第四百六話 現役忍者
外は寒いのでとりあえず小屋の中に移動した。
可哀想なのでグルグル巻きの縄もほどいた。
ララの封印魔法によって封印結界の中に閉じこめられてるけどな。
「お兄、はいカフェラテ」
「おう、ありがとう」
ふぅ~、生き返るな。
二人は羨ましそうに俺とララを見ている。
客人かどうかわからないのでまだ飲み物は出さない。
「で、カスミ丸たちともグルなの?」
「……いや、カスミとアオイ殿は関係ないでござる」
さっきもだったが、男性のほうがまず口を開いた。
「でもじゃあ二人が木の上に潜んでることをなんで私たちに言わなかったの?」
「忍者は隠密行動も大事であるから、仲間の存在を気軽に他人には言わないのでござる」
「じゃあ忍者の里の存在を私たちに話して、仲間や家族を助けるために頭を下げて船やレア袋や魔物を貸りてきたカスミ丸とアオイ丸は忍者の裏切り者であって恥さらしってこと?」
「いや……それは非常にありがたかったでござるけど……」
ララとの口論はやめたほうがいいぞ。
「まぁいいや。
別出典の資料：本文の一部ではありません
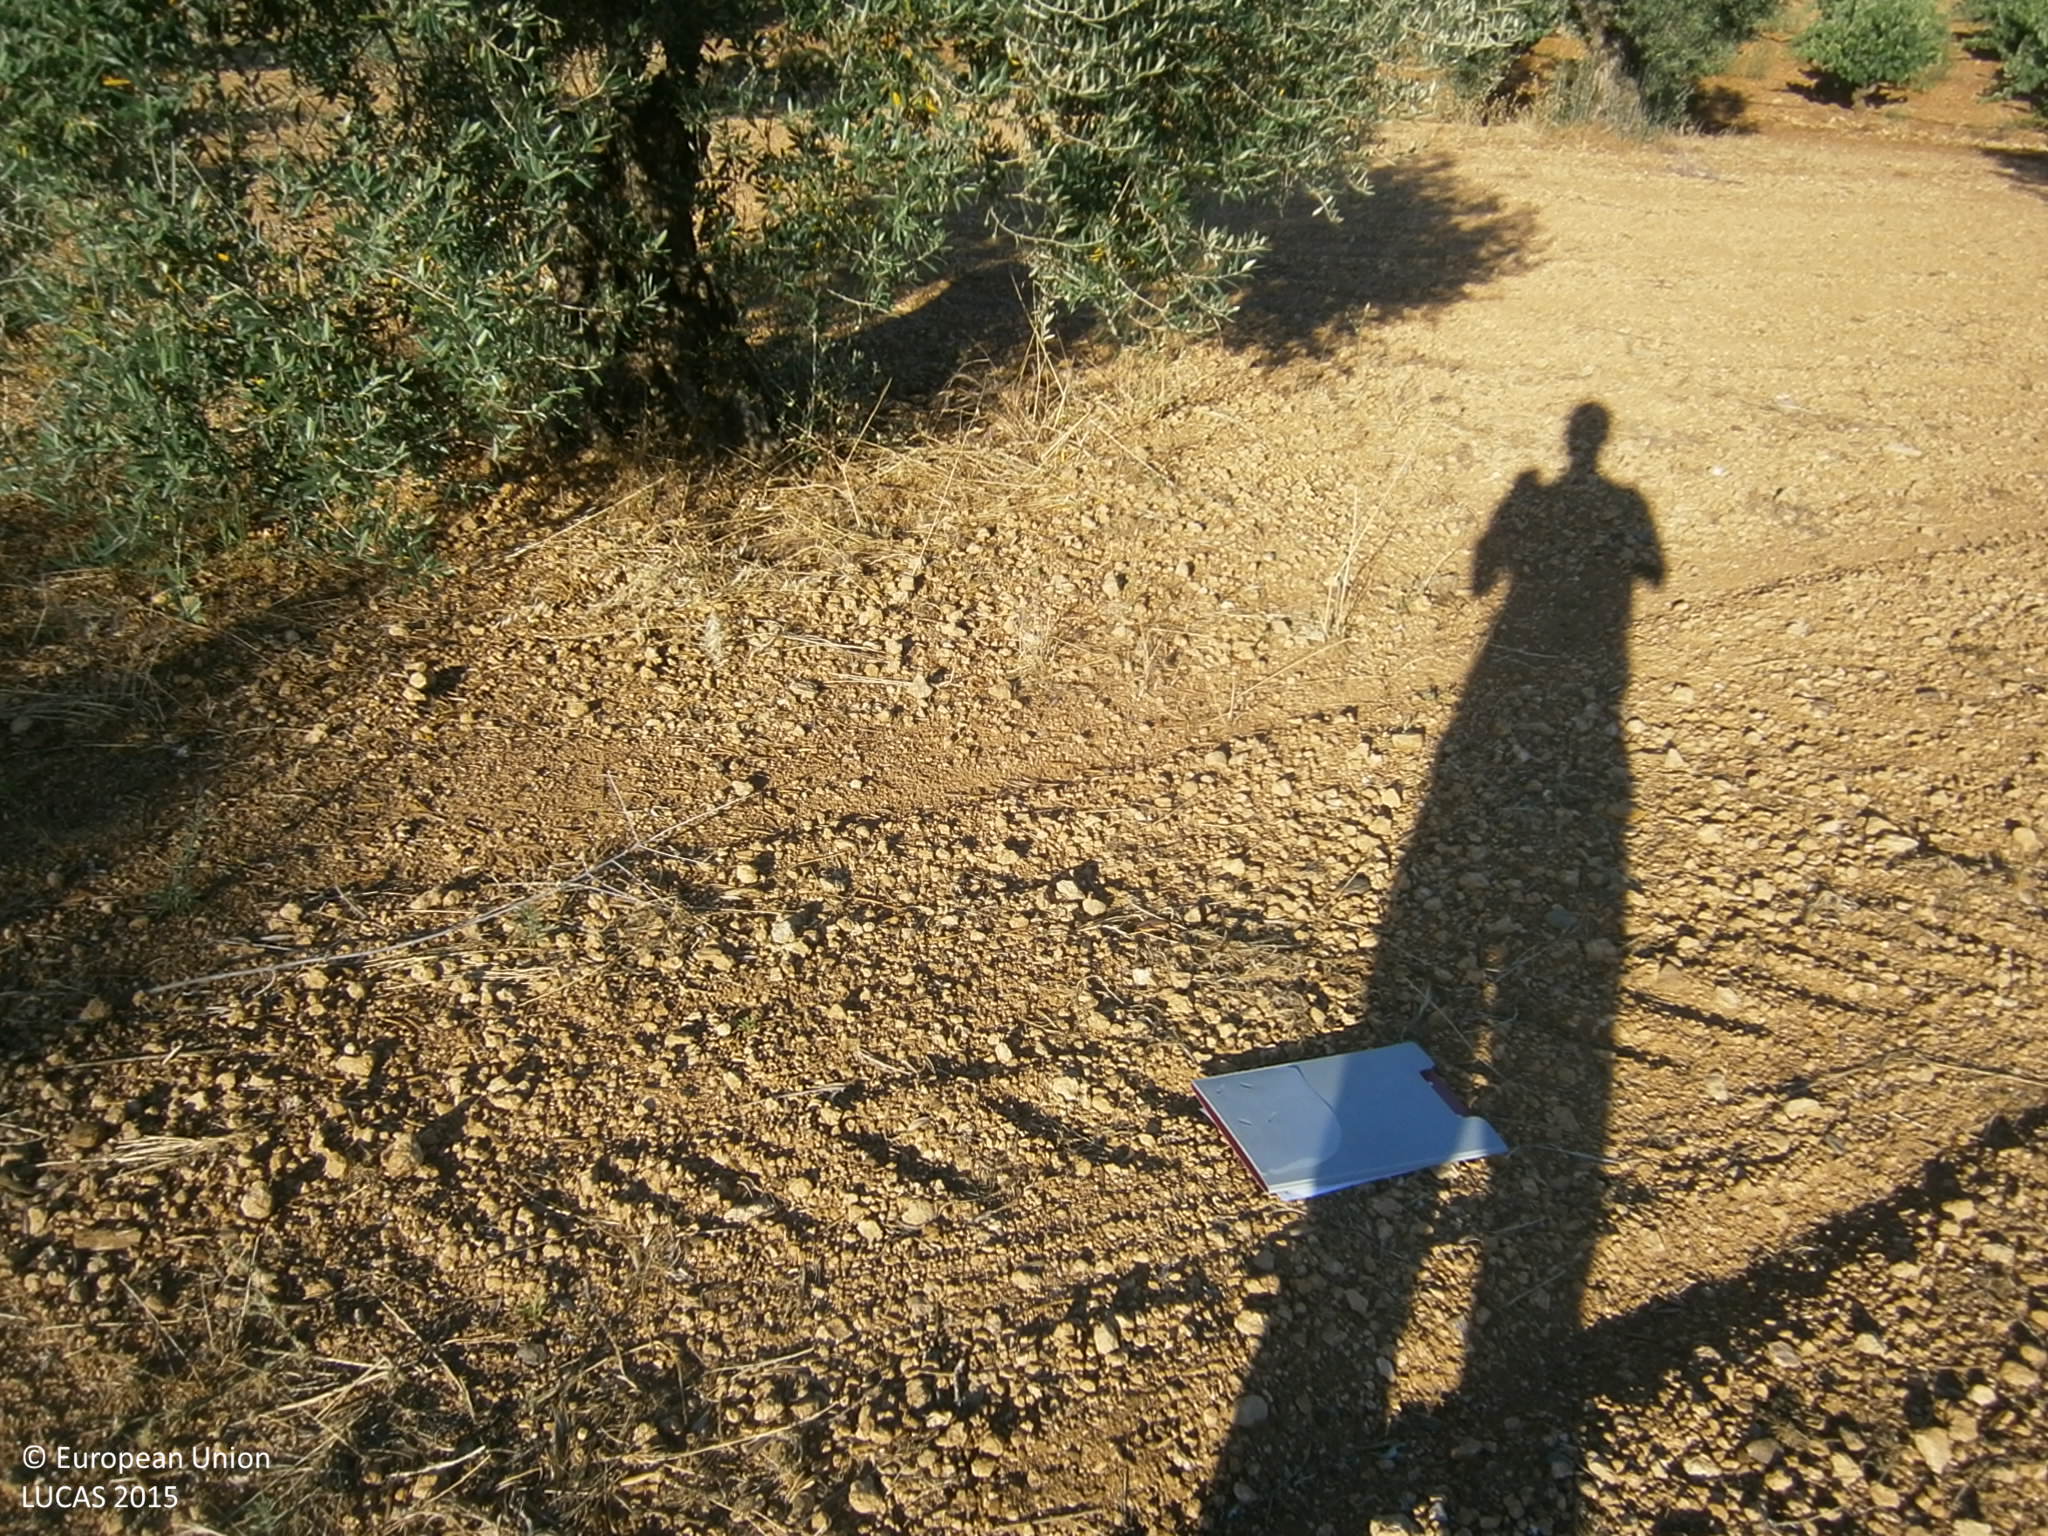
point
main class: Cropland
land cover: Olive groves
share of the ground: 10 - 25 %
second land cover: Other bare soil
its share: > 75 %
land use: Agriculture (excluding fallow land and kitchen gardens)
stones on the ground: 10 - 25 %
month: June
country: ES
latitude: 38.7135
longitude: -6.7023
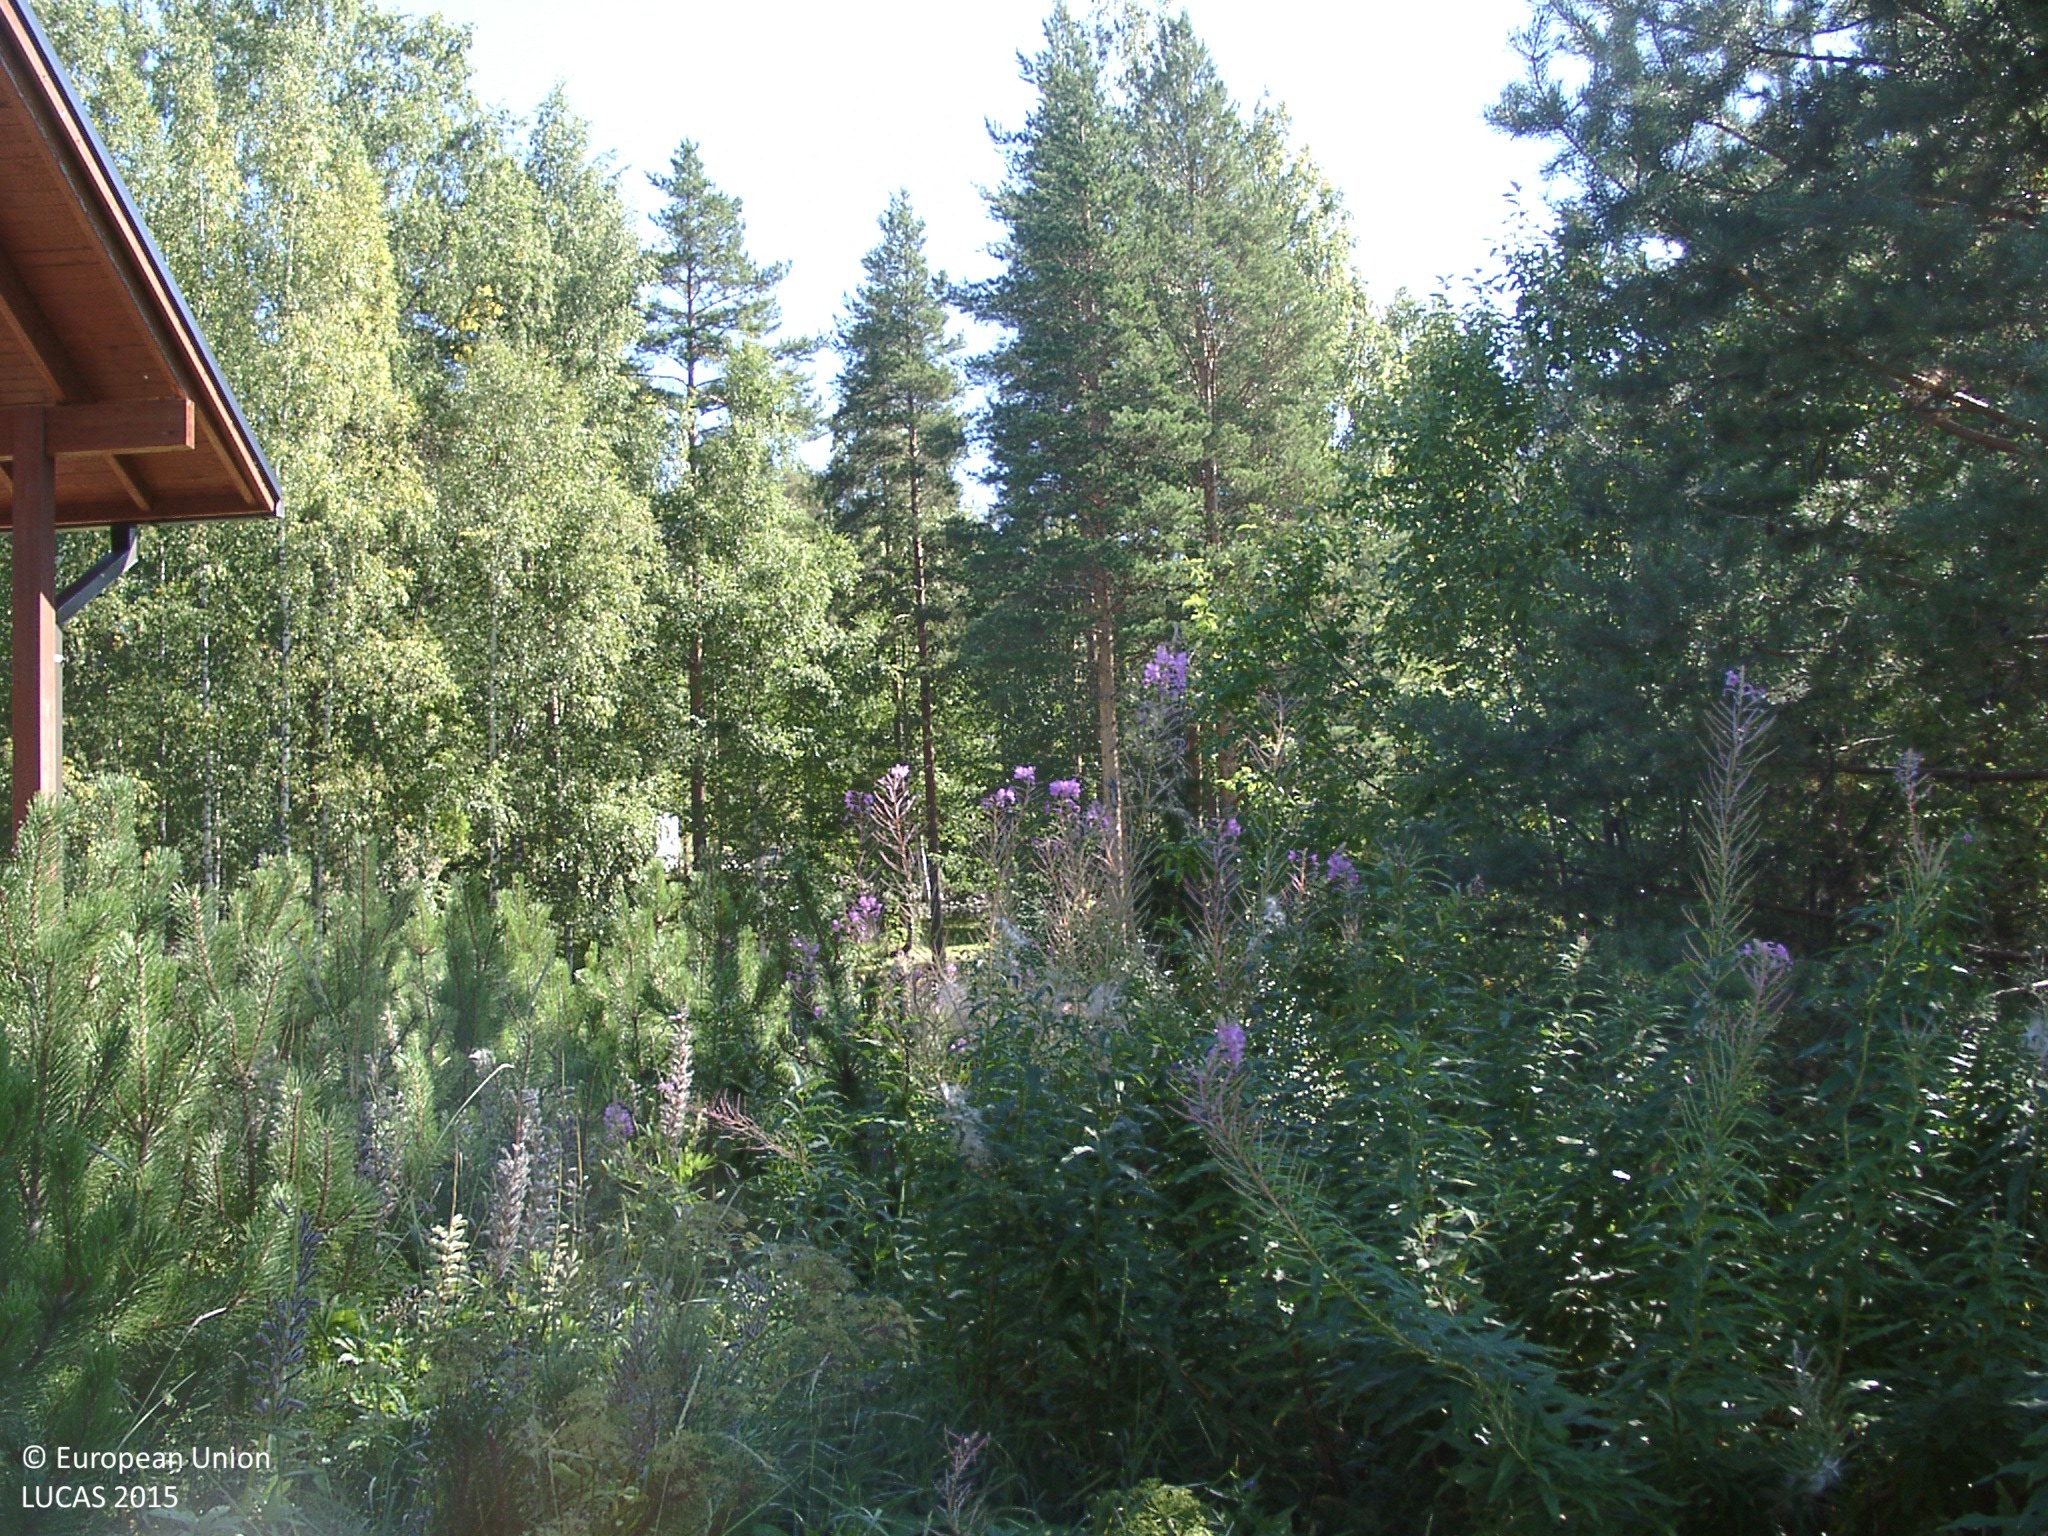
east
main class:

じゃあ目的もなくただ隠れてただけ?」
「危険を感じたらすぐに割って入る予定だったでござるよ」
「なんの危険があるの?」
「いや……未知の場所でござるし……隠れるのは忍者の習性というかその……」
「あんなところに隠れられると嫌でも気になっちゃうよ? まぁ私も探知を使ってなければ気付かなかったかもしれないけどね」
「探知……リヴァーナ殿にもそれで見つかったでござる……」
「当然でしょ。あ、そういやリヴァーナさんたちも二人が隠れてること知ってたんだよね? もぉっ! あの家族も完全に私たちを試してたんじゃない!」
そういうことになるな。
ユウナたちは探知は使えないから、試されてたのはララか。
でもユウナたちも周囲の警戒はしとかないとダメだよな。
魔物たちにはさすがにすぐに気付かれると思っていただろう。
「お兄、もういいよね?」
「そうだな。特に面白いこともなさそうだ」
「だよね。……はい、封印魔法解いたから帰っていいよ」
「「え……」」
本当にただ隠れてただけだったのか。
ついでに大樹のダンジョンも見ておこうとウチまで来たって感じかな。
「聞いてた話と違うでござる……」
「お寿司……」
こっちの女の子は寿司のことしか言わないな……。
「違うってなにが?」
「カスミからはもし安易な行動を取って捕まりでもしたら死に近い拷問が待ってるって聞かされてたでござるよ……」
「そんなこと聞かされてたのによくここに来る気になったね……」
それだけ見つからない自信があったってことか?
それとも逃げ切れると?
確かカスミ丸も逃げ切れると思ってたって言ってたもんな。
でも魔物に追いかけられて捕まり、グルグル巻きにされて引きずられ、さらに封印結界の中に閉じこめられるなんて拷問みたいなもんじゃないか?
こっちの子が泣いてたのはこれからもっと酷い拷問が待ってると思ってたからかもしれない。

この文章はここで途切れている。